Action item — Transcribe all data verbatim. Skip the pictures.

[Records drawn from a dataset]
════════════════════

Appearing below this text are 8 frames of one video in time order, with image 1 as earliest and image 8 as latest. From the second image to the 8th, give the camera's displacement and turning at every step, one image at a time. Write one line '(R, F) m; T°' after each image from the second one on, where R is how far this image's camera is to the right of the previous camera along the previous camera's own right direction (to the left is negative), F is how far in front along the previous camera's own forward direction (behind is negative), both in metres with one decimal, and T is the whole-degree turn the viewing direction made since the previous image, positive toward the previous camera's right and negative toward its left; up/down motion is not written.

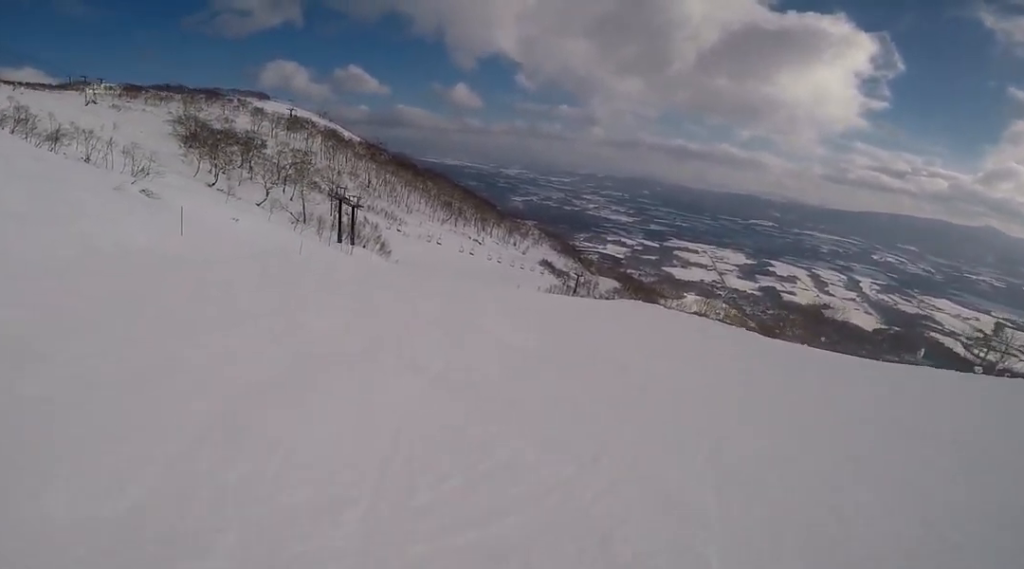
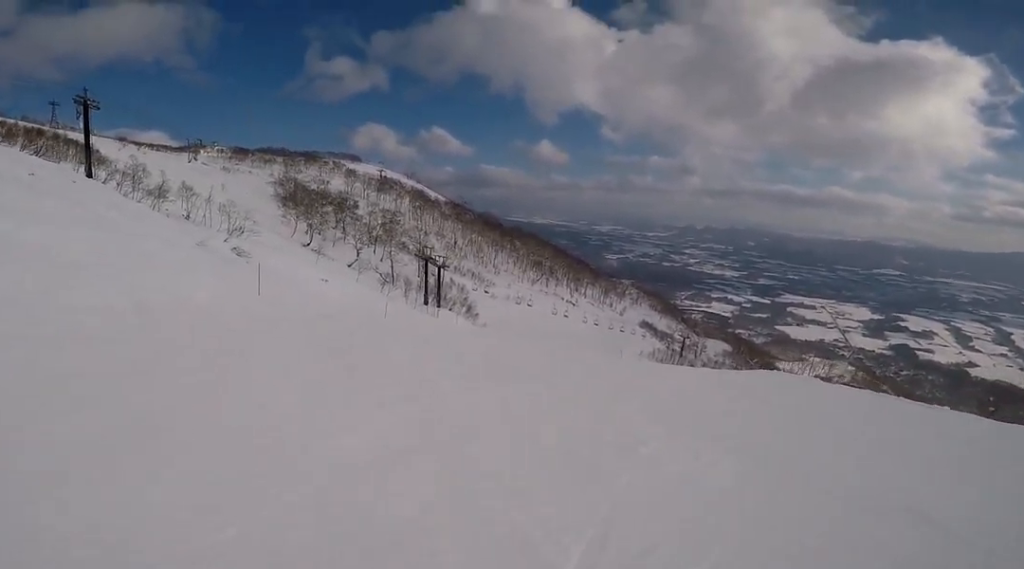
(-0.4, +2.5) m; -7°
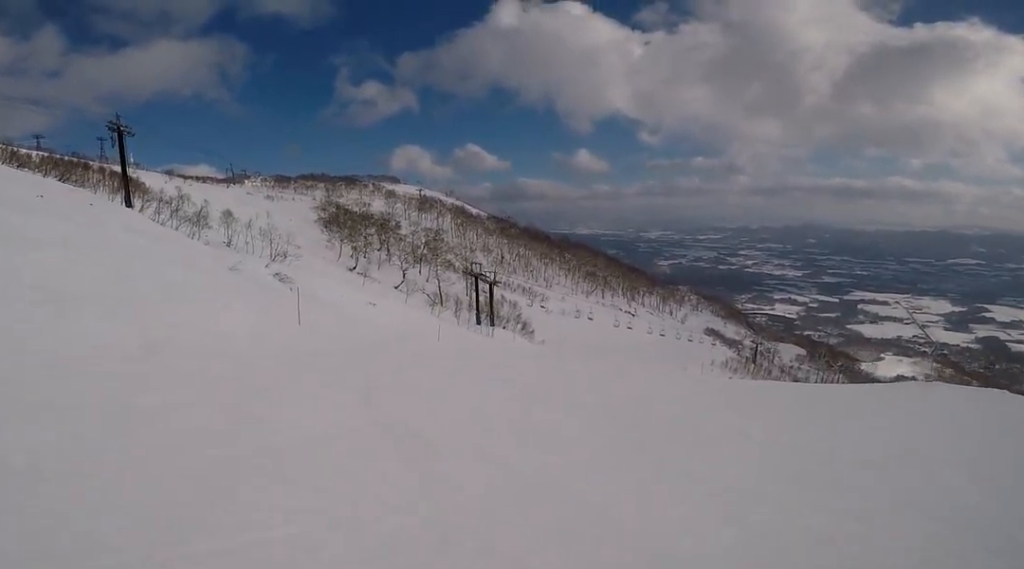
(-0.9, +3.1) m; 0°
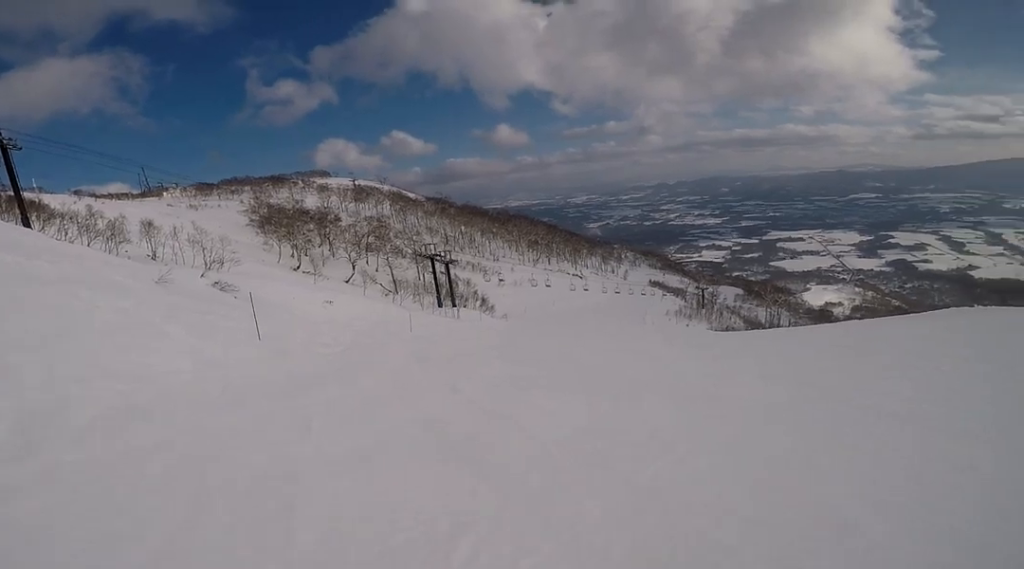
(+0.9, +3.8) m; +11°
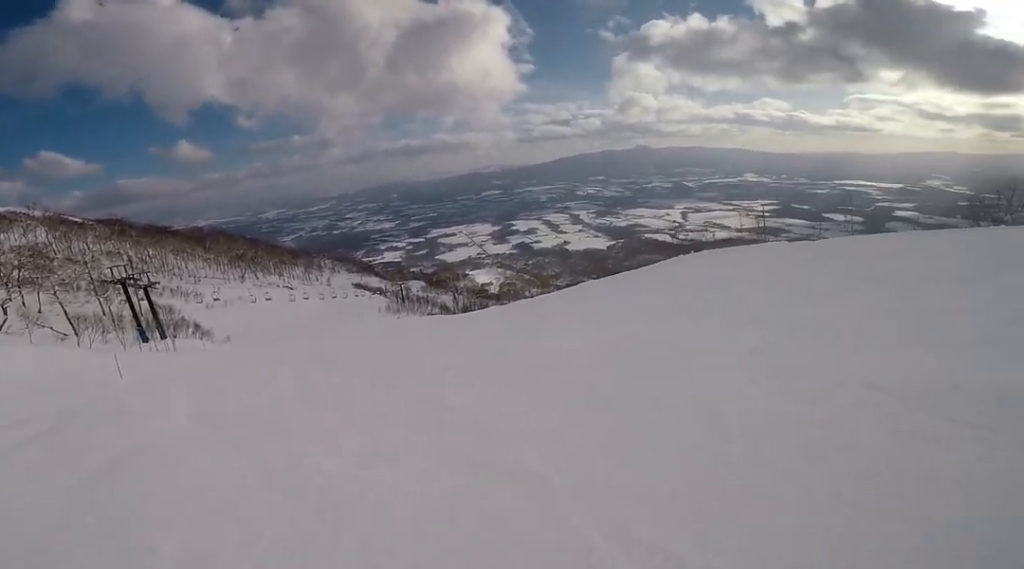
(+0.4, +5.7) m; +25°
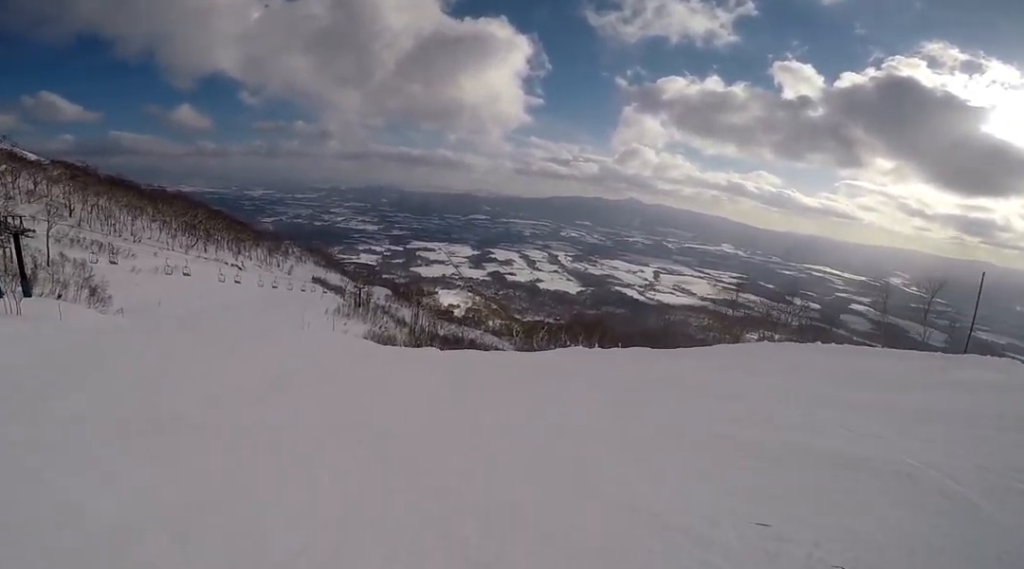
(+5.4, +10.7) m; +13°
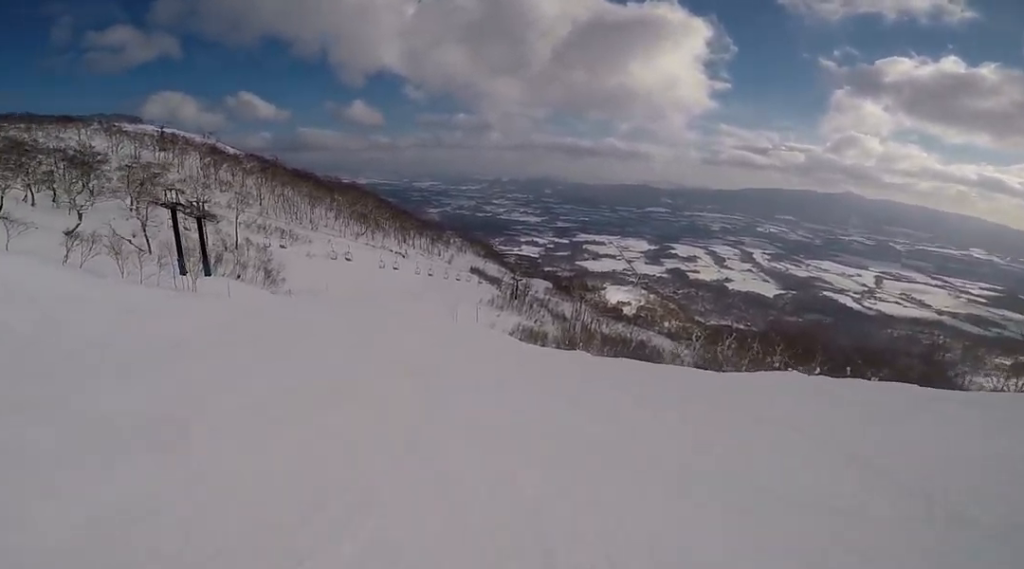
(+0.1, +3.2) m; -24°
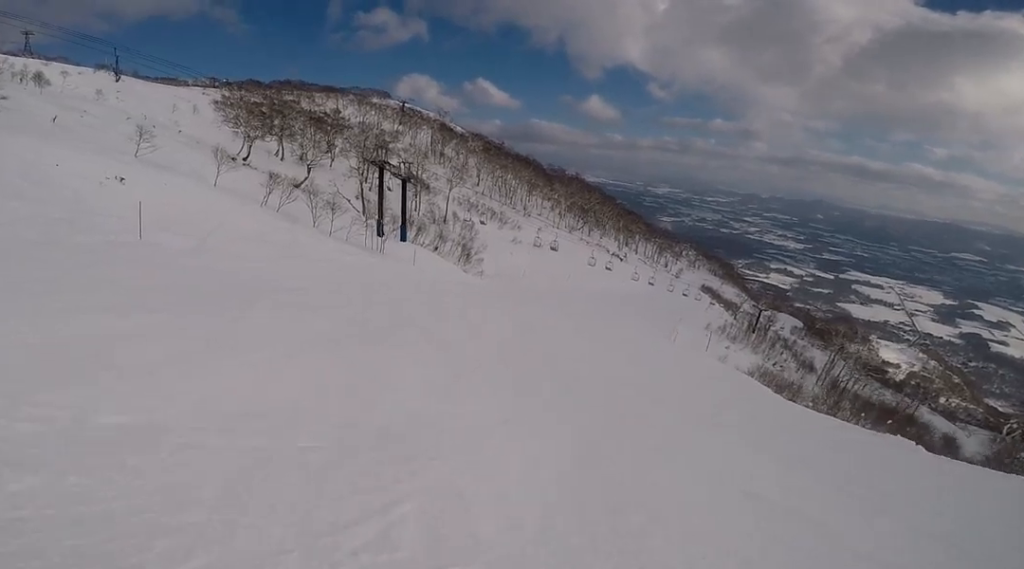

════════════════════

Reply —
Appearing below this text are 8 frames of one video in time order, with image 1 as earliest and image 8 as latest. From the second image to the 8th, give the camera's displacement and turning at every step, one image at a time. Write one line '(R, F) m; T°' after each image from the second one on, where R is how far this image's camera is to the right of the previous camera along the previous camera's own right direction (to the left is negative), F is how far in front along the previous camera's own forward direction (behind is negative), both in metres with one decimal, and T is the whole-degree turn the viewing direction made since the previous image, positive toward the previous camera's right and negative toward its left; up/down motion is not written.

(-0.4, +2.5) m; -7°
(-0.9, +3.1) m; 0°
(+0.9, +3.8) m; +11°
(+0.4, +5.7) m; +25°
(+5.4, +10.7) m; +13°
(+0.1, +3.2) m; -24°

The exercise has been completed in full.